>>>

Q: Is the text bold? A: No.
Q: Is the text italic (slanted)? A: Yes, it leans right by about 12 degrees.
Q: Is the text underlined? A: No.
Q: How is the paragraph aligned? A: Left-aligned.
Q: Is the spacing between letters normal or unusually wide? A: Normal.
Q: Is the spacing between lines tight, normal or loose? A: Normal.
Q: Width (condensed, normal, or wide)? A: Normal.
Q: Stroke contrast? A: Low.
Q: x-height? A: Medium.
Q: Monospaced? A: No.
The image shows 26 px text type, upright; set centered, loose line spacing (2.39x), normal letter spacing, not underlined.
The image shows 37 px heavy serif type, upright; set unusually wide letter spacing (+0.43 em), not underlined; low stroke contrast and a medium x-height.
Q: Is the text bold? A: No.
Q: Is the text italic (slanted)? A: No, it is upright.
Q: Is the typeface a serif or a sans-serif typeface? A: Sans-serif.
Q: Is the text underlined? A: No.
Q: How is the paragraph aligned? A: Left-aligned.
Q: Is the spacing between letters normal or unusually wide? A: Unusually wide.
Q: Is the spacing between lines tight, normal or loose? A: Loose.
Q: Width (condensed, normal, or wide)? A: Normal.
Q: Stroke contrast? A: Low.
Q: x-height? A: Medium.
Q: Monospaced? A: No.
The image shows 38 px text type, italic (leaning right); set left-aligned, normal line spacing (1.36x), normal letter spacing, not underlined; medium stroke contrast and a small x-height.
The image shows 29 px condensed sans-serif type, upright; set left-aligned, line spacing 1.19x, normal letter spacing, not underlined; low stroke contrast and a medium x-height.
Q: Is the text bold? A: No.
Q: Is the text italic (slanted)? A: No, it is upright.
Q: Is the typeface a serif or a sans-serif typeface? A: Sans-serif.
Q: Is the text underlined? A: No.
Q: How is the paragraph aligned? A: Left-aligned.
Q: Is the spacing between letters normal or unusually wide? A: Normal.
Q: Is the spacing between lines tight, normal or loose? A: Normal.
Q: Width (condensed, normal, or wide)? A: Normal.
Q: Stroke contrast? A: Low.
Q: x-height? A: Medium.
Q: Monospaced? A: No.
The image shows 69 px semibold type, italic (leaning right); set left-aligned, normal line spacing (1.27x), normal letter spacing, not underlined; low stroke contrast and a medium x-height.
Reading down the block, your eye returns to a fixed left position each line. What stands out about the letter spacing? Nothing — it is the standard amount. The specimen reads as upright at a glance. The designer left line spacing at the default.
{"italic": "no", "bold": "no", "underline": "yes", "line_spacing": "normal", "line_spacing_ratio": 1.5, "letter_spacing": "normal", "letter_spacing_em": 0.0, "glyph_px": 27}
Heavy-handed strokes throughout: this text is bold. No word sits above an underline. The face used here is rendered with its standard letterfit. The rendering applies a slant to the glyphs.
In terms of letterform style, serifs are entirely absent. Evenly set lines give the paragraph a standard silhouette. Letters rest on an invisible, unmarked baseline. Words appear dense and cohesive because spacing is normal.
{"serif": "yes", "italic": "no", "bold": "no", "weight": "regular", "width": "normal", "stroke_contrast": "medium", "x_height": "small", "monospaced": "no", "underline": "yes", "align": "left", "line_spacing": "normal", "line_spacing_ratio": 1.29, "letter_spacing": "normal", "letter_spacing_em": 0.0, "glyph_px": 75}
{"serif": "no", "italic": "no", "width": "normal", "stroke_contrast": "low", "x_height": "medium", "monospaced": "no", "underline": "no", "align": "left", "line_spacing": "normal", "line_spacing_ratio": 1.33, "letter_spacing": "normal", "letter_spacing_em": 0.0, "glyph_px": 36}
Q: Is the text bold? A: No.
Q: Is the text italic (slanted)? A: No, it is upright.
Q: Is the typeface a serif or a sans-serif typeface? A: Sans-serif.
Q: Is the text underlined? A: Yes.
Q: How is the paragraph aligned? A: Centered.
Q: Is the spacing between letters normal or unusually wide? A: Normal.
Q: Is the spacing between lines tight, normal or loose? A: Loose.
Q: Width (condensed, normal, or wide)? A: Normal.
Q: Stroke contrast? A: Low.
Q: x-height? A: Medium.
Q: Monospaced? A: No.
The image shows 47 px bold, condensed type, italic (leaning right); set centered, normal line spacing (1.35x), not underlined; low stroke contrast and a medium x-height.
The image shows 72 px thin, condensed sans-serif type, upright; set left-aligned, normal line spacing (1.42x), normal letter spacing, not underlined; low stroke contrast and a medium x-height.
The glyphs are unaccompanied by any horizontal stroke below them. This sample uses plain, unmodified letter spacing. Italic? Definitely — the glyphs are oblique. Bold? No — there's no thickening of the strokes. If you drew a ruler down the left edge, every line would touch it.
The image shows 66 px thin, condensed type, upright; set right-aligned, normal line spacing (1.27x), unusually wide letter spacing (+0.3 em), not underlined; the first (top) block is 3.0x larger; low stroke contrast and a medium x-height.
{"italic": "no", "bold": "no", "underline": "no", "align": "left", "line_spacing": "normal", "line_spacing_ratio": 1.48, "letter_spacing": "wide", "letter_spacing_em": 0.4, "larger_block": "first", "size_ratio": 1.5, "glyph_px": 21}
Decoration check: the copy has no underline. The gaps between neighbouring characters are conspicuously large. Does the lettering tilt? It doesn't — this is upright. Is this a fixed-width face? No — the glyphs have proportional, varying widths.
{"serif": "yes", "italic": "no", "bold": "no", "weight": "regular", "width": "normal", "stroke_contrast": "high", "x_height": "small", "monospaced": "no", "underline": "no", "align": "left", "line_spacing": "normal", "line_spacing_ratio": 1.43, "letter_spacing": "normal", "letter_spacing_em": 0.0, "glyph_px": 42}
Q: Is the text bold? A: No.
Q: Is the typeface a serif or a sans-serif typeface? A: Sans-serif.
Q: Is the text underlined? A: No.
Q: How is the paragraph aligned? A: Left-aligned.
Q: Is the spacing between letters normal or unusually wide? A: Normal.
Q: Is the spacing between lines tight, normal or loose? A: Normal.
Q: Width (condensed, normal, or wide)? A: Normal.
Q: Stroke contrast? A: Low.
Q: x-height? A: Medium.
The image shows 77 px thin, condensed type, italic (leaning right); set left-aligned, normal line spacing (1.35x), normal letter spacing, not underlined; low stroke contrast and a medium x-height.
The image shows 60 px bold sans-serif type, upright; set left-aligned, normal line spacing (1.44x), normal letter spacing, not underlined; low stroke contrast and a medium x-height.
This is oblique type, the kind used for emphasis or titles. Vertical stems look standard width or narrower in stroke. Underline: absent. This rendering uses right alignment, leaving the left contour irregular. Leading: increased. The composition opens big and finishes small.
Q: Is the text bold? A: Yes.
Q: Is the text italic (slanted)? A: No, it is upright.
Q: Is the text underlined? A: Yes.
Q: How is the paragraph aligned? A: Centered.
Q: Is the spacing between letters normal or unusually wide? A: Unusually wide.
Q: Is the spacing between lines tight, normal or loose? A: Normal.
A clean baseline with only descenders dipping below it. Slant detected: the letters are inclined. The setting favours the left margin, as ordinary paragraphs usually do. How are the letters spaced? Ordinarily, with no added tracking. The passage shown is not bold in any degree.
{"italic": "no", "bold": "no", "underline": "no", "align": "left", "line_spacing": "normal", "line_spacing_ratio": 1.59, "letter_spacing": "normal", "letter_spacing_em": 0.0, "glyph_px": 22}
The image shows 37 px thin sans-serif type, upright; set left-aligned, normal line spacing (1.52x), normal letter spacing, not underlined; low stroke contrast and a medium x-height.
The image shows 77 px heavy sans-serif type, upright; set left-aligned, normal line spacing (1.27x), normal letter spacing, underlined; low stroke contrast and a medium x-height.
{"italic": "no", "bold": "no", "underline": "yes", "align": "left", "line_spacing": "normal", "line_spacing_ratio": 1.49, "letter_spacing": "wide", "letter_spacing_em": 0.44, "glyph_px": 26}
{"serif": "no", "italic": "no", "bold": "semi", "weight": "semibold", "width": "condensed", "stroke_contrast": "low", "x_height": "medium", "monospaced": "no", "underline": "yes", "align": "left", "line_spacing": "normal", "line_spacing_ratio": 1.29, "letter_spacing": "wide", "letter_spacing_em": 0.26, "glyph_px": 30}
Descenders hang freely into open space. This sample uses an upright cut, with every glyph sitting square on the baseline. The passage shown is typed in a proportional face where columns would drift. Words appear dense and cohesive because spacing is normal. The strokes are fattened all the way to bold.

<<<

**What is expected:**
Begin with the first line of the listing and copy exactly through the line that contains "The image shows 26", please, keeping both ends and leaving out everything after.

**Exercise answer:**
Q: Is the text bold? A: No.
Q: Is the text italic (slanted)? A: Yes, it leans right by about 12 degrees.
Q: Is the text underlined? A: No.
Q: How is the paragraph aligned? A: Left-aligned.
Q: Is the spacing between letters normal or unusually wide? A: Normal.
Q: Is the spacing between lines tight, normal or loose? A: Normal.
Q: Width (condensed, normal, or wide)? A: Normal.
Q: Stroke contrast? A: Low.
Q: x-height? A: Medium.
Q: Monospaced? A: No.
The image shows 26 px text type, upright; set centered, loose line spacing (2.39x), normal letter spacing, not underlined.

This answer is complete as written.